Orde Baru selalu disalahkan karena membelenggu kebebasan pers, membatasi kebebasan menyatakan pendapat dan banyak kebebasan lain. Orde Baru dulu menjalankan prinsip kebebasan yang bertanggung jawab.
Bentuk tanggung jawab itu adalah kontrol dan pengendalian sampai ke isi berita yang mau disiarkan. Selama Orde Baru, semua pemberitaan yang dianggap mencederai Pemerintahan Suharto langsung disikat habis, dicabut izin terbitnya. Majalah Tempo kena lebih dari sekali, Editor juga ditutup. Sinar Harapan, Detik dan Monitor pun dibredel. Pada 1978 ada tujuh koran yang dicabut sementara izinnya, termasuk Kompas, Sinar Harapan, Pelita dan Merdeka. Terbit kembali setelah menandatangani perjanjian dengan Kopkamtib. Pastilah perjanjian itu dalam rangka kontrol dan intimidasi.
Jika tidak ada pemberitaan yang buruk tentang pemerintah seperti korupsi, jangan dikira Pemerintahan Orde Baru tidak korup. Korupsinya pasti ada dan besar-beasaran, tetapi pemberitaannya tak bakalan muncul. Pada 1990an, Tempo, Detik dan Editor dihabisi karena memberitaan dugaan korupsi pembelian kapal perang dari Jerman Timur.
Khusus untuk berita konflik, Orde Baru mrngendalikannya dengan maksud agar konflik tidak meluas. Berbagai alasan digunakan untuk membatasi pemberitaan.
Orde Baru tumbang, datanglah reformasi. Kebebasan sungguh diberi kesempatan untuk digunakan dan dimaknai. Media massa dan media sosial bebas memberitakan dan menulis apa saja. Begitu bebasnya sampai-sampai ada yang menyebutnya kebablasan dan penuh anarki. Pada beberapa pemberitaan susah membedakan berita dan dusta, fakta dan fitnah.
Bahkan, baku tembak Densus 88 dan teroris dijadikan siaran langsung seperti sepak bola. Gambar-gambar yang tak pantas, bermunculan dan memadati media massa dan media elektronik, lebih-lebih di sosial media. Di internet apa pun ada.
Era roformasi ini jadi tampak sangat korup. Karena pemberitaan korupsi seperti cerita bersambung. Dikupas tuntas, rinci dalam dan berkelanjutan. Bahkan sidang kasus korupsi disiarkan secara langsung. Hal seperti ini tak pernah terjadi selama Orde Baru. Bila saja saat Orde Baru, pers bebas seperti sekarang, pastilah akan lebih seru. Karena korupsi pada era Orde Baru korupsi sangat merajalela.
Kebebasan pers dalam era reformasi memang sangat luar biasa. Kita jadi sulit membedakan, ini keterbukaan atau ketelanjangan? Kebebasan atau anarki? Orang bisa membuat penerbitan dan diedarkan hanya untuk menghujat dan memfitnah orang. Cilakanya, penyebar pornografi malah dibela ramai-ramai hanya karena ia orang kecil. Apa karena orang kecil maka boleh melakukan apa saja, termasuk melanggar hukum? Inikah reformasi?

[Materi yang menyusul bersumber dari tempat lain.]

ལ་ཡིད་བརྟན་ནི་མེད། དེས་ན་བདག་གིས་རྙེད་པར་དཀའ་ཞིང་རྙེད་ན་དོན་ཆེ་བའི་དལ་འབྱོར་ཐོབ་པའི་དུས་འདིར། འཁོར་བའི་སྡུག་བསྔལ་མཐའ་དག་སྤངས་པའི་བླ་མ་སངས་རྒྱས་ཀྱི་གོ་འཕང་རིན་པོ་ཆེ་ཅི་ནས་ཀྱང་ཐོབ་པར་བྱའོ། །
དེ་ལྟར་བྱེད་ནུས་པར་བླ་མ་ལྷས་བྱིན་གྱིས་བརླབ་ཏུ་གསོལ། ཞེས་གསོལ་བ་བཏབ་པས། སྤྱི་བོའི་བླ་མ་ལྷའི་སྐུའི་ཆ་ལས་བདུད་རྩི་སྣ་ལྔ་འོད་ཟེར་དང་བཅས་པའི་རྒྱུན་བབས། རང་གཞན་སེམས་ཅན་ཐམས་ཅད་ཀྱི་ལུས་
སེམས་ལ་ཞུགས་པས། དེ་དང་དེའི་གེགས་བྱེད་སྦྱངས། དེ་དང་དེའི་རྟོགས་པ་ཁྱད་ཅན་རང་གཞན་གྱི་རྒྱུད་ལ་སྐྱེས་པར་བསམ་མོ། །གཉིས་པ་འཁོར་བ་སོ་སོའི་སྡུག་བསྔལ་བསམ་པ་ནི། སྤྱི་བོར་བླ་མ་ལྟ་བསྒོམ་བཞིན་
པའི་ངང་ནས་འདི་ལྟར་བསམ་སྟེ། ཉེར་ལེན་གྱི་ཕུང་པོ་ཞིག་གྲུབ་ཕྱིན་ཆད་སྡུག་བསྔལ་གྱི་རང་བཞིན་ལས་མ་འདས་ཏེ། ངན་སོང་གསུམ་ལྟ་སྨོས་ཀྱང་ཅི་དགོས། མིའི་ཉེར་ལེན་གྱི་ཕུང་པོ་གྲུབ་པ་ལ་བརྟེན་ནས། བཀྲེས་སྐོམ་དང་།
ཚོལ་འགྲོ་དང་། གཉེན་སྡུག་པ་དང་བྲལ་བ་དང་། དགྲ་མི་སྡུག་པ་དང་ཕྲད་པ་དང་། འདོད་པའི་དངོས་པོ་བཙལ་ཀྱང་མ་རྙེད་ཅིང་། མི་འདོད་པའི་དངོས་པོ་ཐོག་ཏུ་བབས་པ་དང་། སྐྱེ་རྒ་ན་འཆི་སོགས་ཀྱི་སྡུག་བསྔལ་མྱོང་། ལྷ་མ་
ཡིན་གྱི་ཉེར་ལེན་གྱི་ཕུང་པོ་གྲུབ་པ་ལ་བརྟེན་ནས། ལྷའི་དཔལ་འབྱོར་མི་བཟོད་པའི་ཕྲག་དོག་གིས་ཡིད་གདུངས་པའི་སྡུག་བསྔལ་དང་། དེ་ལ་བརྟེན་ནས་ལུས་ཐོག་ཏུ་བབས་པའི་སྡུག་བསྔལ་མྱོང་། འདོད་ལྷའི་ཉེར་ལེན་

Pemberitaan yang paling ngenes adalah tentang dibantainya warga negara Indonesia di Australia dan Hongkong. Mereka adalah korban pembunuhan yang sangat sadis. Mereka pergi jauh ke luar negeri untuk mencari nafkah bagi keluarganya.
Ironisnya, cara kejadian yang menimpa diberitakan sungguh memilukan hati. Bukan pokok masalahnya yang dikupas tuntas. Tetapi kehidupan pribadi para korban. Terutama terkait dengan profesinya yang diduga tidak terhormat. Justru pemberitaan dan gambar-gambar yang ditampilkan membesarkan bagian ini.
Mereka adalah korban kejahatan. Mestinya kejahatan dan pelaku kejahatan terhadap mereka yang dibongkar tuntas. Bukan profesi sang korban.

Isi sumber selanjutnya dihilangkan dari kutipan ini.